(Stored items)
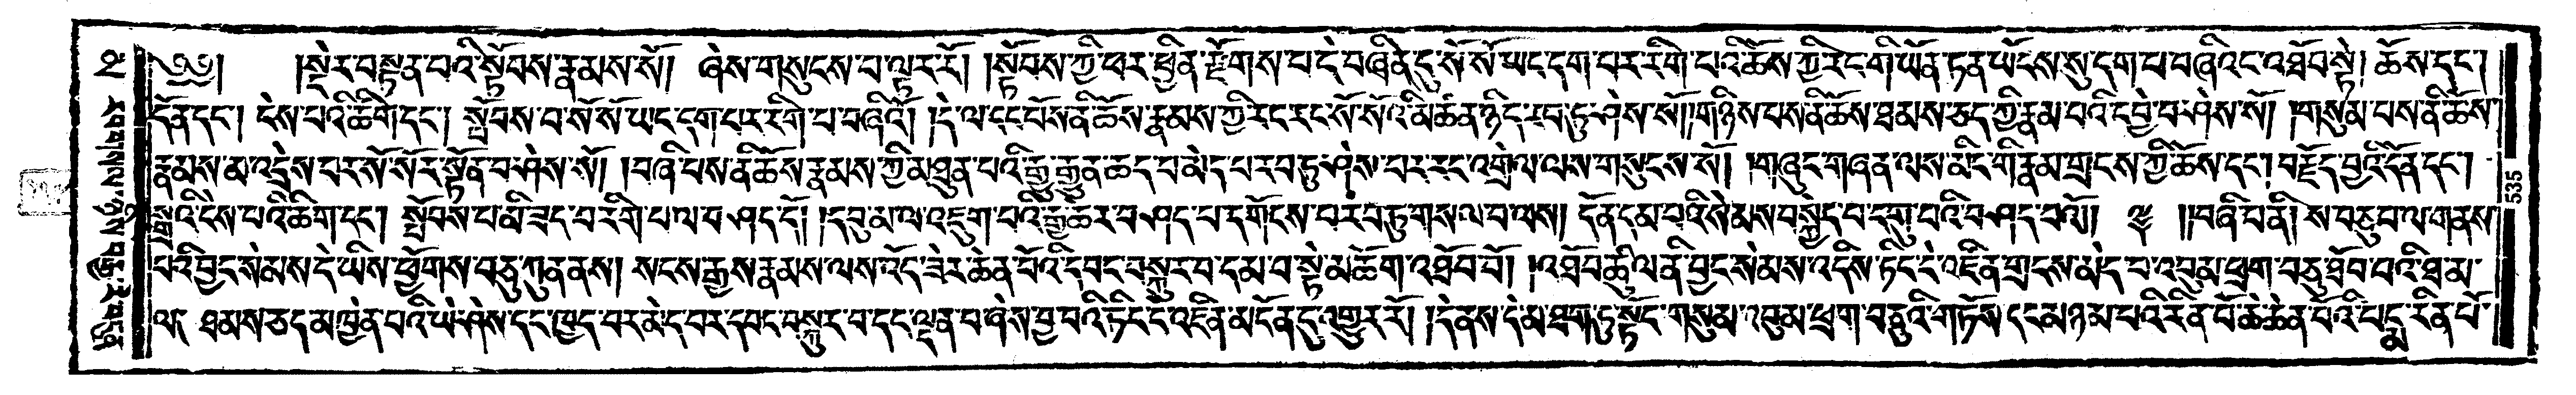༄༅། །སྡེར་བསྟན་པའི་སྟོབས་རྣམས་སོ། ཞེས་གསུངས་པ་ལྟར་རོ། །སྟོབས་ཀྱི་ཕར་ཕྱིན་རྫོགས་པ་དེ་བཞིན་དུ་སོ་སོ་ཡང་དག་པར་རིག་པའི་ཆོས་ཀྱི་རང་གི་ཡོན་ཏན་ཡོངས་སུ་དག་པ་བཞིའང་འཐོབ་སྟེ། ཆོས་དང་།
དོན་དང་། ངེས་པའི་ཚིག་དང་། སྤོབས་པ་སོ་སོ་ཡང་དག་པར་རིག་པ་བཞིའོ། །དེ་ལ་དང་པོས་ནི་ཆོས་རྣམས་ཀྱི་རང་རང་སོ་སོའི་མཚན་ཉིད་རབ་ཏུ་ཤེས་སོ། །གཉིས་པས་ནི་ཆོས་ཐམས་ཅད་ཀྱི་རྣམ་པའི་དབྱེ་བ་ཤེས་སོ། །གསུམ་པས་ནི་ཆོས་
རྣམས་མ་འདྲེས་པར་སོ་སོར་སྟོན་པ་ཤེས་སོ། །བཞི་པས་ནི་ཆོས་རྣམས་ཀྱི་མཐུན་པའི་རྒྱུ་རྒྱུན་ཆད་པ་མེད་པ་རབ་ཏུ་ཤེས་པར་རང་འགྲེལ་ལས་གསུངས་སོ། །གཞུང་གཞན་ལས་མིང་གི་རྣམ་གྲངས་ཀྱི་ཆོས་དང་། བརྗོད་བྱའི་དོན་དང་།
སྒྲའི་ངེས་པའི་ཚིག་དང་། སྤོབས་པ་མི་ཟད་པ་རིག་པ་ལ་བཤད་དོ། །དབུ་མ་ལ་འཇུག་པའི་རྒྱ་ཆེར་བཤད་པ་དགོངས་པ་རབ་ཏུ་གསལ་བ་ལས། དོན་དམ་པའི་སེམས་བསྐྱེད་པ་དགུ་པའི་བཤད་པའོ།། ༈ །།བཞི་པ་ནི། ས་བཅུ་པ་ལ་གནས་
པའི་བྱང་སེམས་ད་ཡིས་ཕྱོགས་བཅུ་ཀུན་ནས། སངས་རྒྱས་རྣམས་ལས་འོད་ཟེར་ཆེན་པོའི་དབང་བསྐུར་བ་དམ་པ་སྟེ་མཆོག་འཐོབ་བོ། །འཐོབ་ཚུལ་ནི་བྱང་སེམས་འདིས་ཏིང་ངེ་འཛིན་གྲངས་མེད་པ་འབུམ་ཕྲག་བཅུ་ཐོབ་པའི་ཐ་མ་
ལ༑ ཐམས་ཅད་མཁྱེན་པའི་ཡེ་ཤེས་དང་ཁྱད་པར་མེད་པར་དབང་བསྐུར་བ་དང་ལྡན་པ་ཞེས་བྱ་བའི་ཏིང་ངེ་འཛིན་མངོན་དུ་འགྱུར་རོ། །དེ་ནས་དེ་མ་ཐག་ཏུ་སྟོང་གསུམ་འབུམ་ཕྲག་བཅུའི་གཏོས་དང་མཉམ་པའི་རིན་པོ་ཆེ་ཆེན་པོའི་པདྨ་རིན་པོ་

## INSTRUCTIONS FOR THE TASK
Once the pictures are set aside, reproduce the records in full and exactly.

## REPLY
༄༅། །སྡེར་བསྟན་པའི་སྟོབས་རྣམས་སོ། ཞེས་གསུངས་པ་ལྟར་རོ། །སྟོབས་ཀྱི་ཕར་ཕྱིན་རྫོགས་པ་དེ་བཞིན་དུ་སོ་སོ་ཡང་དག་པར་རིག་པའི་ཆོས་ཀྱི་རང་གི་ཡོན་ཏན་ཡོངས་སུ་དག་པ་བཞིའང་འཐོབ་སྟེ། ཆོས་དང་།
དོན་དང་། ངེས་པའི་ཚིག་དང་། སྤོབས་པ་སོ་སོ་ཡང་དག་པར་རིག་པ་བཞིའོ། །དེ་ལ་དང་པོས་ནི་ཆོས་རྣམས་ཀྱི་རང་རང་སོ་སོའི་མཚན་ཉིད་རབ་ཏུ་ཤེས་སོ། །གཉིས་པས་ནི་ཆོས་ཐམས་ཅད་ཀྱི་རྣམ་པའི་དབྱེ་བ་ཤེས་སོ། །གསུམ་པས་ནི་ཆོས་
རྣམས་མ་འདྲེས་པར་སོ་སོར་སྟོན་པ་ཤེས་སོ། །བཞི་པས་ནི་ཆོས་རྣམས་ཀྱི་མཐུན་པའི་རྒྱུ་རྒྱུན་ཆད་པ་མེད་པ་རབ་ཏུ་ཤེས་པར་རང་འགྲེལ་ལས་གསུངས་སོ། །གཞུང་གཞན་ལས་མིང་གི་རྣམ་གྲངས་ཀྱི་ཆོས་དང་། བརྗོད་བྱའི་དོན་དང་།
སྒྲའི་ངེས་པའི་ཚིག་དང་། སྤོབས་པ་མི་ཟད་པ་རིག་པ་ལ་བཤད་དོ། །དབུ་མ་ལ་འཇུག་པའི་རྒྱ་ཆེར་བཤད་པ་དགོངས་པ་རབ་ཏུ་གསལ་བ་ལས། དོན་དམ་པའི་སེམས་བསྐྱེད་པ་དགུ་པའི་བཤད་པའོ།། ༈ །།བཞི་པ་ནི། ས་བཅུ་པ་ལ་གནས་
པའི་བྱང་སེམས་ད་ཡིས་ཕྱོགས་བཅུ་ཀུན་ནས། སངས་རྒྱས་རྣམས་ལས་འོད་ཟེར་ཆེན་པོའི་དབང་བསྐུར་བ་དམ་པ་སྟེ་མཆོག་འཐོབ་བོ། །འཐོབ་ཚུལ་ནི་བྱང་སེམས་འདིས་ཏིང་ངེ་འཛིན་གྲངས་མེད་པ་འབུམ་ཕྲག་བཅུ་ཐོབ་པའི་ཐ་མ་
ལ༑ ཐམས་ཅད་མཁྱེན་པའི་ཡེ་ཤེས་དང་ཁྱད་པར་མེད་པར་དབང་བསྐུར་བ་དང་ལྡན་པ་ཞེས་བྱ་བའི་ཏིང་ངེ་འཛིན་མངོན་དུ་འགྱུར་རོ། །དེ་ནས་དེ་མ་ཐག་ཏུ་སྟོང་གསུམ་འབུམ་ཕྲག་བཅུའི་གཏོས་དང་མཉམ་པའི་རིན་པོ་ཆེ་ཆེན་པོའི་པདྨ་རིན་པོ་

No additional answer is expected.